Protease inhibitors are a type of antiviral pharmaceutical designed to fight HIV/AIDS and hepatitis C. Protease inhibitors prevent the virus from replicating by binding to the virus’ proteases and blocking the proteins responsible for virus replication.
The first protease inhibitor approved by the FDA in 1995 was Saquinavir, known by the trade names Fortovase and Invirase. Other protease inhibitors include Norvir, Cirixivan, Viracept, Agenarase, Kaletra, Aptivus, and Prezista. As with any drugs that specifically target a virus, much like antibiotics, there is a risk of drug-resistance developing. In order to reduce this risk, these drugs are usually given in combination, called a drug cocktail.

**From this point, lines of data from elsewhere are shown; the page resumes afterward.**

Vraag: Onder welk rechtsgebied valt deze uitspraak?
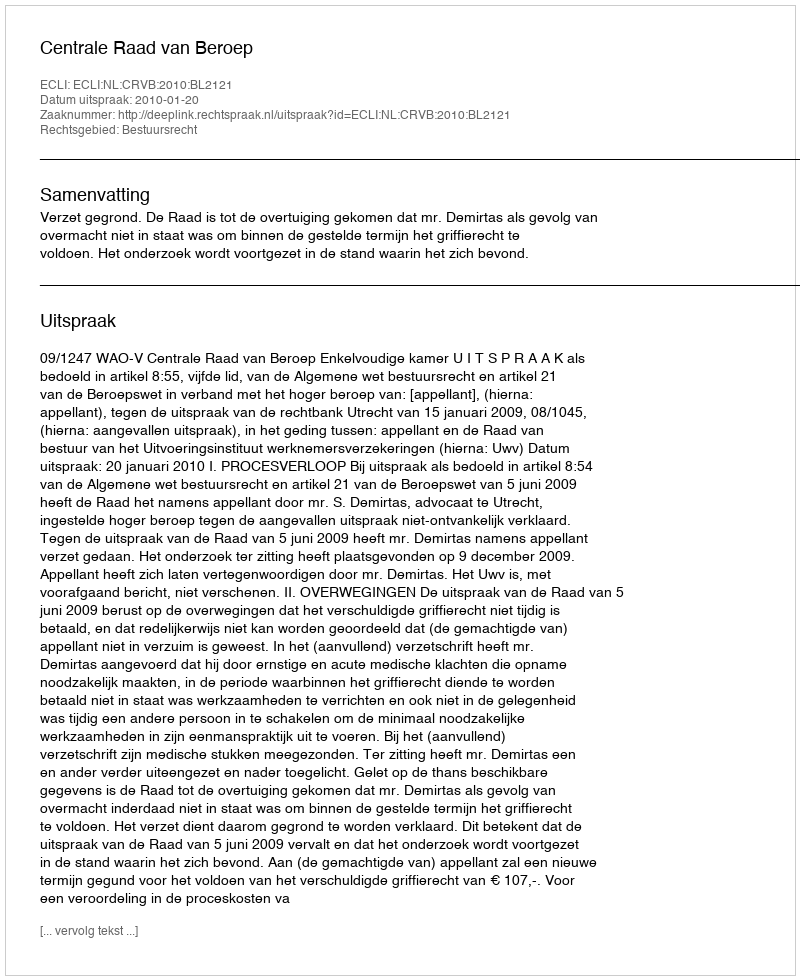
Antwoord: Bestuursrecht
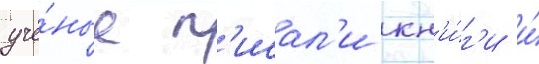
учё́ные п'исал'и кн'и́г'и и́
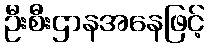
ဦးစီးဌာနအနေဖြင့်
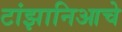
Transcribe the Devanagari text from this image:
टांझानिआचे
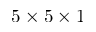
5 \times 5 \times 1
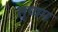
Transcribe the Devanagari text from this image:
तृणम
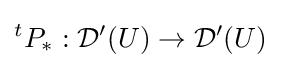
{}^{t}P_{*}:{\mathcal {D}}'(U)\to {\mathcal {D}}'(U)
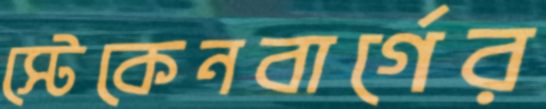
স্টেকেনবার্গের
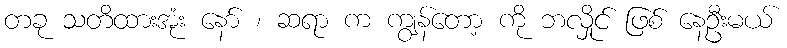
တခု သတိထားအုံး နော် ၊ ဆရာ က ကျွန်တော့ ကို ဘလှိုင် ဖြစ် နေဦးမယ်
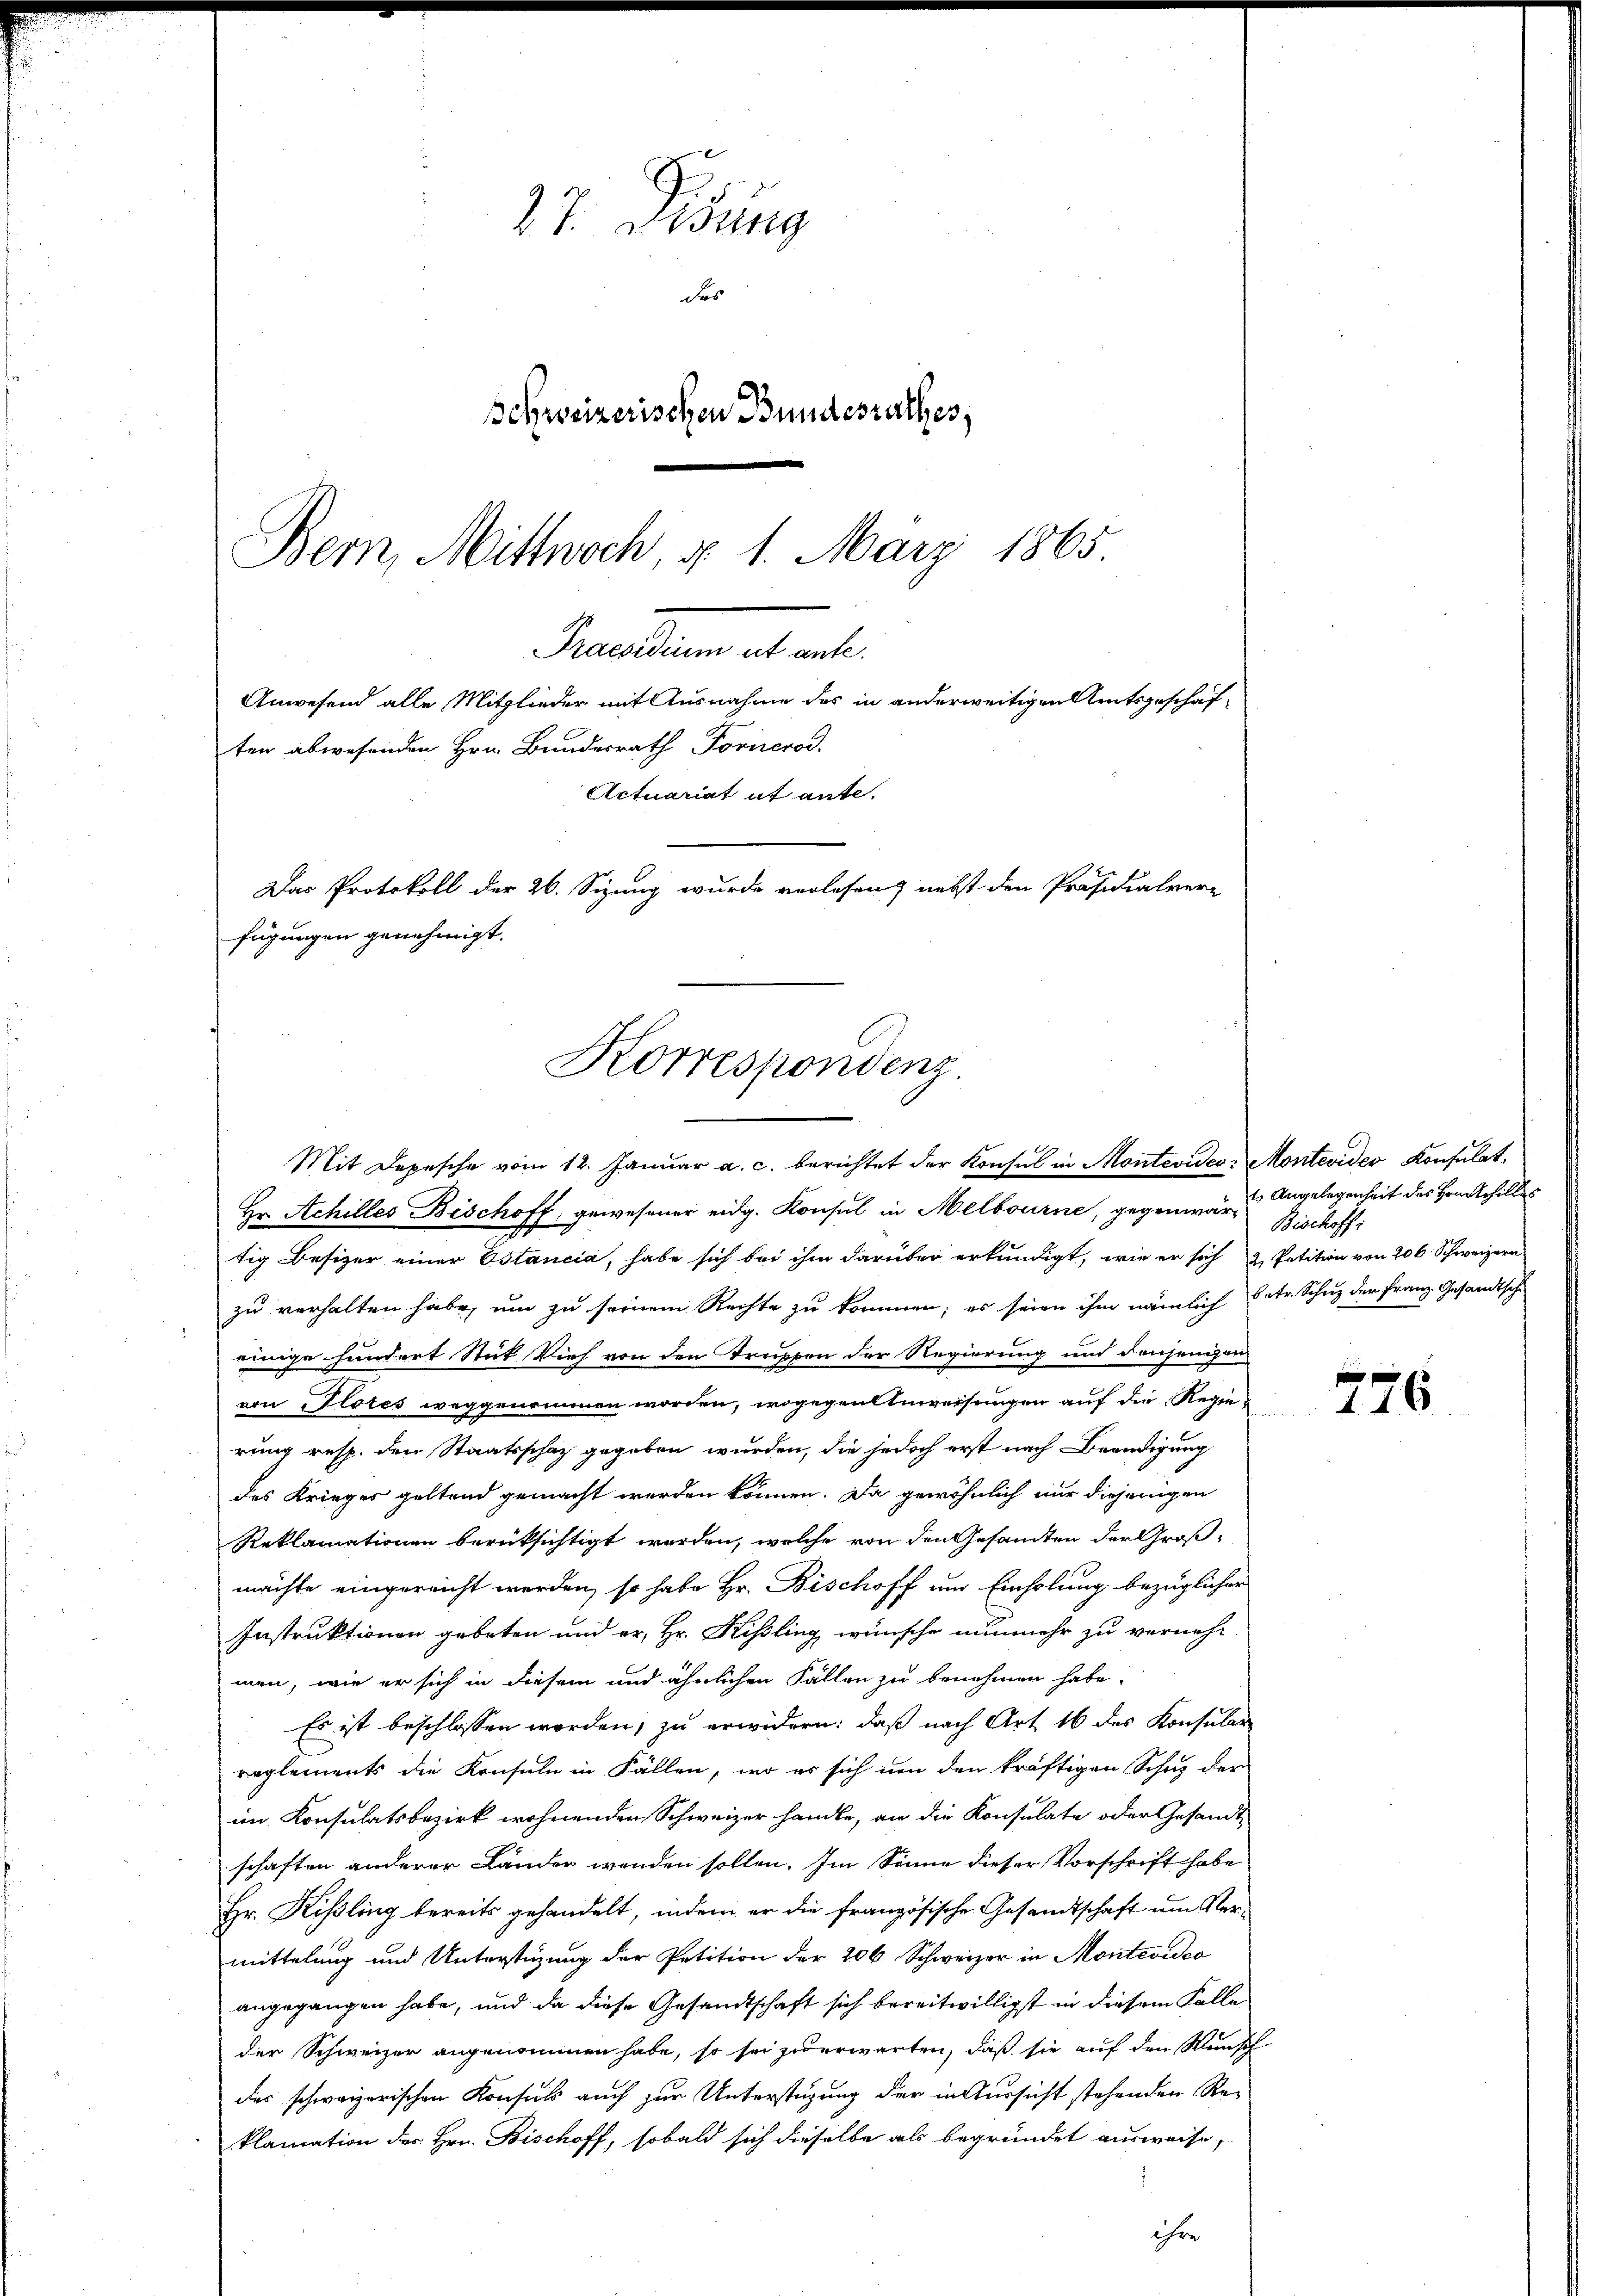
27. Disung
des
Schweizerischen Bundesrathes,
Bern, Mittwoch, d. 1. März 1865

Feuillen es alte
Anwesend alle Mitglieder mit Ausnahme des in anderweitigen Amtsgeschäften abwesenden Hrn. Bundesrath Forirerod.
Actuariat et ante.
Das Protokoll der 26. Sizung wurde verlesen, nebst den Präsidialver-
fügungen genehmigt.
Korrespondenz

Mit Depesche vom 12. Januar a. c. berichtet der Konsul in Montevideo-Montevideo Konsulat¬
Hr. Achilles Bischoff, gewesener eidg. Konsul in Melbourne, gegenwär- Bischoffi
tig Besizer einer Estancia, habe sich bei ihm darüber erkundigt, wie er sich & Petition von 200 Schweizern
zu verhalten habe, um zu seinem Rechte zu kommen; es seien ihm nämlich betr. Schuz der Franz Gesandtsche
einige hundert Stick Vieh von den Truppen der Regierung und denjenigen
von Klotes weggenommen worden, wogegentenweisungen auf die Regierung resp. den Staatsschaz gegeben wurden, die jedoch erst nach Beendigung
des Krieger geltend gemacht werden können. Da gewöhnlich nur diejenigen
Reklamationen berücksichtigt werden, welche von den Gesamten der Groß-
mächte eingereicht werden, so habe Hr. Bischoff um Einholung bezüglicher
Instruktionen gebeten und er, Hr. Kisling wünsche nunmehr zu vernehm
men, wie er sich in diesem und ähnlichen Fällen zu benehmen habe.
Es ist beschlossen worden, zu erwidern, daß nach Art. 16 des Konsular
reglements die Konsuln in Fällen, wo es sich um den kräftigen Schuz der
im Konsulatsbezirk wohnenden Schweizer handle, an die Konsulate oder Gesandt
schaften anderer Länder wenden sollen. Im Sinne dieser Vorschrift habe
Hr. Kisling bereits gehandelt, indem er die französische Gesandtschaft um Vermittelung und Unterstüzung der Petition der 206 Schweizer in Montevideo
angegangen habe, und da diese Gesandtschaft sich bereitwilligst in diesem Falle
der Schweizer angenommen habe, so sei zu erwarten, daß sie auf den Wunsch
des schweizerischen Konsuls auch zur Unterstüzung der in Aussicht stehenden Re-
klamation der Hrn. Bischoff, sobald sich dieselbe als begründet ausweise,
ihre

1.) Angelegenheit des Hrn. Schilles

776

A protease is an enzyme, found in animals, plants, bacteria, archea and viruses. They initiate protein catabolism, breaking down molecules into smaller units in order to release energy. HIV is a retrovirus that attacks the human immune system, largely through CD4+ T cells.

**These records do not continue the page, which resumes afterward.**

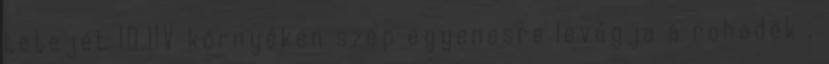
tetejét 10.11V környékén szép egyenesre levágja a rohadék ,
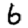
Digit: 6
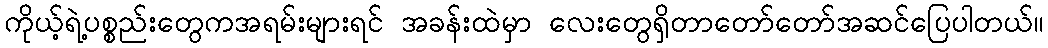
ကိုယ့်ရဲ့ပစ္စည်းတွေကအရမ်းများရင် အခန်းထဲမှာ လေးတွေရှိတာတော်တော်အဆင်ပြေပါတယ်။
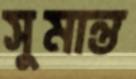
সুমান্ত
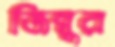
জিম্বুর
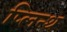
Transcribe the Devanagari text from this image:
प्लिन्थ
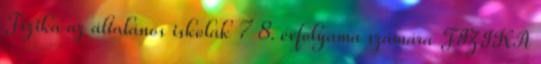
Fizika az általános iskolák 7 8. évfolyama számára FIZIKA
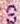
S
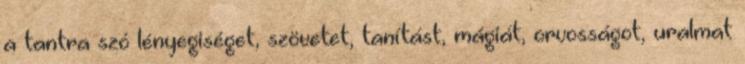
a tantra szó lényegiséget, szövetet, tanítást, mágiát, orvosságot, uralmat
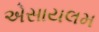
એસાયલમ
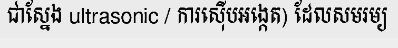
ជាស្នែង ultrasonic / ការស៊ើបអង្កេត) ដែលសមរម្យ
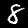
Digit: 8
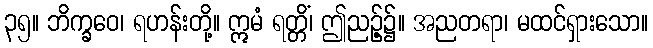
၃၅။ ဘိက္ခဝေ၊ ရဟန်းတို့။ ဣမံ ရတ္တိံ၊ ဤညဉ့်၌။ အညတရာ၊ မထင်ရှားသော။
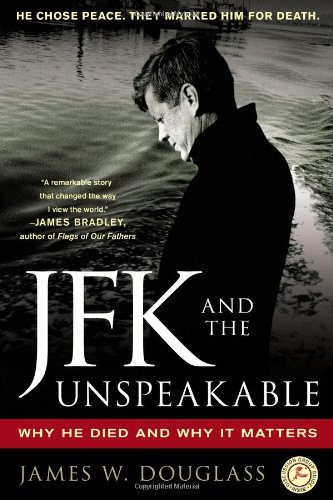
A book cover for JFK and the Unspeakable: Why He Died and Why It Matters; James W. Douglass; Biographies & Memoirs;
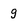
Character: g
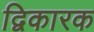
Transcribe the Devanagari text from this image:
द्विकारक
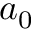
a _ { 0 }
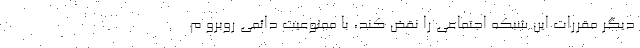
دیگر مقررات این شبکه اجتماعی را نقض کند، با ممنوعیت دائمی روبرو م
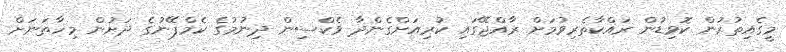
މީގެއިތުރުން ކޮވިޑުން ރައްކާތެރިވުމަށް ރާއްޖޭގައި ކުރިއަށްގެންދާ ވެކްސިން ދިނުމުގެ ކެމްޕޭނުގެ ދަށުން މިހާތަނަށް
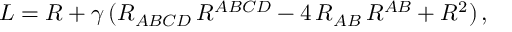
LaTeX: { \cal L } = R + \gamma \, ( R _ { A B C D } \, R ^ { A B C D } - 4 \, R _ { A B } \, R ^ { A B } + R ^ { 2 } ) \, ,
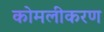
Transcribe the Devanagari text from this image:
कोमलीकरण
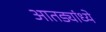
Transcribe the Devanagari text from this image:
आतड्यांध्ये
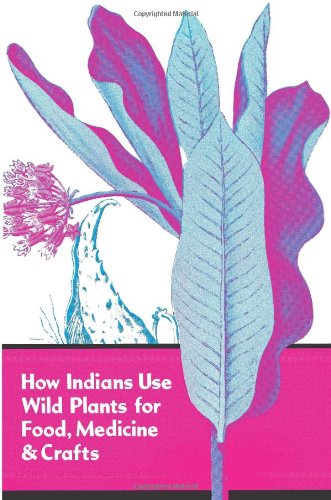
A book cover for How Indians Use Wild Plants for Food, Medicine and Crafts; Frances Densmore; Cookbooks, Food & Wine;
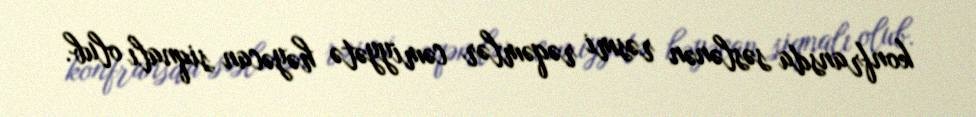
konfransda səslənən rəsmi rəqəmlər cəmiyyətə həyəcan siqnalı olub.
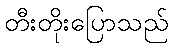
တီးတိုးပြောသည်
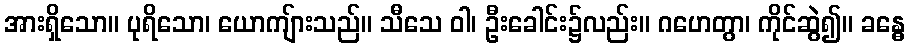
အားရှိသော။ ပုရိသော၊ ယောကျ်ားသည်။ သီသေ ဝါ၊ ဦးခေါင်း၌လည်း။ ဂဟေတွာ၊ ကိုင်ဆွဲ၍။ ခန္ဓေ
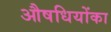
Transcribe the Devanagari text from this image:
औषधियोंका
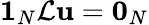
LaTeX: \mathbf{1}_{N}\mathcal{L}\mathbf{u}=\mathbf{0}_{N}
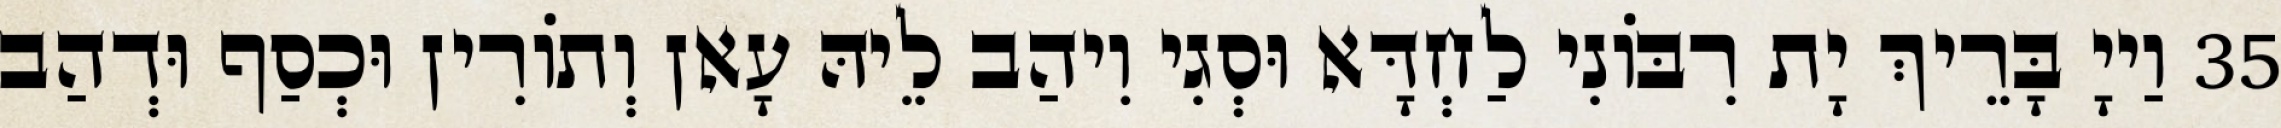
35 וַייָ בָּרֵיךְ יָת רִבּוֹנִי לַחְדָּא וּסְגִי וִיהַב לֵיהּ עָאן וְתוֹרִין וּכְסַף וּדְהַב

It was David Ho who pioneered the use of protease inhibitors in combatting HIV/AIDS. There are known side effects to protease inhibitors, including lipodystrophy (loss of fat cells in the face), hyperlipidaemia (elevated lipids in the blood), type 2 diabetes, and kidney stones. However, protease inhibitors are also being employed to fight cancer, Chagas disease and malaria.